James C. Hormel, the first openly gay person to represent the United States as an ambassador, died on Friday in San Francisco. He was 88.

His death, at the California Pacific Medical Center, was confirmed by a family spokesman. His son, Jimmy, said Mr. Hormel had been in the hospital for two weeks.

Mr. Hormel, a philanthropist and the grandson of the founder of Hormel Foods, served as ambassador to Luxembourg under President Bill Clinton. But his nomination process was met with public opposition, spearheaded by conservative Republicans who portrayed Mr. Hormel as a sinner and equated being gay to having an addiction or being a kleptomaniac.

Mr. Clinton first nominated Mr. Hormel for the post in 1997. By then, Mr. Hormel had been openly gay for three decades. He also had an impressive record of accomplishments.

As dean of the University of Chicago Law School from 1961 to 1967, he established the James C. Hormel Public Service Program to encourage law students to go into public service. In the early 1990s, he was an alternate representative of the U.S. delegation to the 51st United Nations General Assembly, the founding director of the City Club of San Francisco and a director of the San Francisco Chamber of Commerce.

In 1997, Mr.
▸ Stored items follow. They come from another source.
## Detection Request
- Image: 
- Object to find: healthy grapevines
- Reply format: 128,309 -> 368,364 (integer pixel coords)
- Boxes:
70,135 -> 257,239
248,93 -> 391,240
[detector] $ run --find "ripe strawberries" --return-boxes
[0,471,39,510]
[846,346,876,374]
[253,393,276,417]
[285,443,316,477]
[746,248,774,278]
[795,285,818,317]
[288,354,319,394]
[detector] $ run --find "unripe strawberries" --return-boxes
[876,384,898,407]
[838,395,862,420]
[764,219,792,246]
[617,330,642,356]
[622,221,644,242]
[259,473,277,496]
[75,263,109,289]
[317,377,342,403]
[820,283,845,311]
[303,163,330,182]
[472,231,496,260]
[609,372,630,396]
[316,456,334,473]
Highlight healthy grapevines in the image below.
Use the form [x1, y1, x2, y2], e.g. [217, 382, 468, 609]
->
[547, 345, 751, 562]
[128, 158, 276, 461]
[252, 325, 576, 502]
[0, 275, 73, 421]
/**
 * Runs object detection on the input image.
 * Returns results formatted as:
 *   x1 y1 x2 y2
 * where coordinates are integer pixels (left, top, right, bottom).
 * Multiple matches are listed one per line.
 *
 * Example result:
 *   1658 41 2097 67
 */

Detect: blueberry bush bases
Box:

Hormel was also the chairman of Equidex, a San Francisco-based company that manages the Hormel family’s philanthropical endeavors and investments, a position he would continue to hold for years. He was long active in the Democratic Party as a donor and served on the board of the foundation of the Human Rights Campaign, the nation’s largest gay and lesbian organization.

But his nomination was an issue for the Republican senators James Inhofe of Oklahoma, Tim Hutchinson of Arkansas and Robert Smith of New Hampshire, who raised 11th-hour objections as the Senate was pushing to confirm nominees in the session’s final days that year. The Senate majority leader, Trent Lott of Mississippi, ultimately blocked the Senate from voting on the nomination.
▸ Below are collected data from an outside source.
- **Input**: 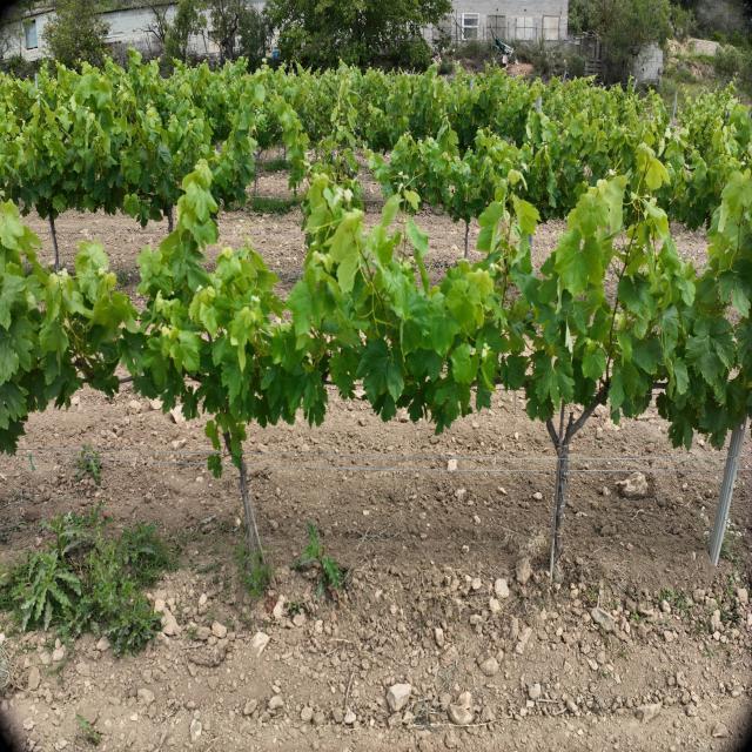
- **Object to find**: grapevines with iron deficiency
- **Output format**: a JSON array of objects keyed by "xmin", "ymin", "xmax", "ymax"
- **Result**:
[
  {"xmin": 398, "ymin": 140, "xmax": 741, "ymax": 611},
  {"xmin": 42, "ymin": 147, "xmax": 435, "ymax": 596}
]

The senators cited Mr. Hormel’s political views and his gay rights activism as reasons to oppose his nomination. “Our concern is about this nominee’s political views,” Gary Hoitsma, a spokesman for Mr. Inhofe, said. “He’s been an outspoken promoter of things like same-sex marriages, things we don’t agree with.”

Mr. Hormel, undeterred, met with each of his skeptics one on one, challenging their opposition. It is unclear whether these conversations had any effect, but Mr. Hormel was finally appointed to the ambassadorship in 1999, when Mr. Clinton bypassed the normal confirmation process and named him while Congress was in recess. Mr. Hormel served as ambassador until December 2000.
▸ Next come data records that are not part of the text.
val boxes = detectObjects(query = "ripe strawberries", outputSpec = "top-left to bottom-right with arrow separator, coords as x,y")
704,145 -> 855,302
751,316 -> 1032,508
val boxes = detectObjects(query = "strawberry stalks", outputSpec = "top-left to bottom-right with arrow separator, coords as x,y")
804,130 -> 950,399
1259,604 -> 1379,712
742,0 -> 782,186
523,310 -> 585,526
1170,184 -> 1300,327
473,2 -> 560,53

“He was a man of immense integrity and dignity,” his son said. “He was always proud about being the person he was, and he never tried to change who he was.”

James Catherwood Hormel was born on Jan. 1, 1933, in Austin, Minn., the youngest son of Jay and Germaine (Dubois) Hormel and the grandson of George A. Hormel, Hormel Foods’ founder. He grew up in Austin, where much of the town worked for the Hormel meatpacking plant run by his father.

Mr. Hormel received a bachelor’s degree in history in 1955 from Swarthmore College in Pennsylvania, where he met his future wife, Alice McElroy Parker. They married in 1956 and divorced in 1965.

After graduating from Swarthmore, Mr. Hormel received a law degree from the University of Chicago. He eventually returned to Swarthmore to become a member of the college’s board of managers. He met Michael P.N. Araque in 2008, when Mr. Araque was a sophomore there. They married in 2014.

For over three decades, Mr. Hormel worked at providing resources to organizations serving people affected by H.I.V. and AIDS or dealing with substance abuse and breast cancer.

Michael Hormel, his husband, said that Mr. Hormel had a “lovely, very sweet but full, round singing voice” and that they were both “fierce advocates of the arts,” supporting the San Francisco Symphony and other arts organizations. He added that Mr. Hormel had liked simple pleasures, like dark chocolate and an orange twist in his gin.

Mr. Hormel received a variety of awards for his philanthropy, including the Silver Spur Award for Civic Leadership from the San Francisco Planning and Urban Research Association and a lifetime achievement award from the Human Rights Campaign. He also received honorary doctorates from Swarthmore, Hamline University in Minnesota and the California Institute of Integral Studies.

In addition to his husband, who worked with him in his philanthropic and charitable work, Mr. Hormel is survived by five children, Alison, Anne, Elizabeth, Jimmy and Sarah; 14 grandchildren; and seven great-grandchildren.

During Mr. Hormel’s time in the hospital, his husband said, he reflected on how Mr. Hormel’s passion for advocacy had made it possible for him to be recognized as his spouse and allowed them to spend the last hours of James’s life together.

“If not for his resolve to make the world a fairer and more just place,” Michael Hormel said, “I’m not sure even hospitals would have been so receptive to my being there.”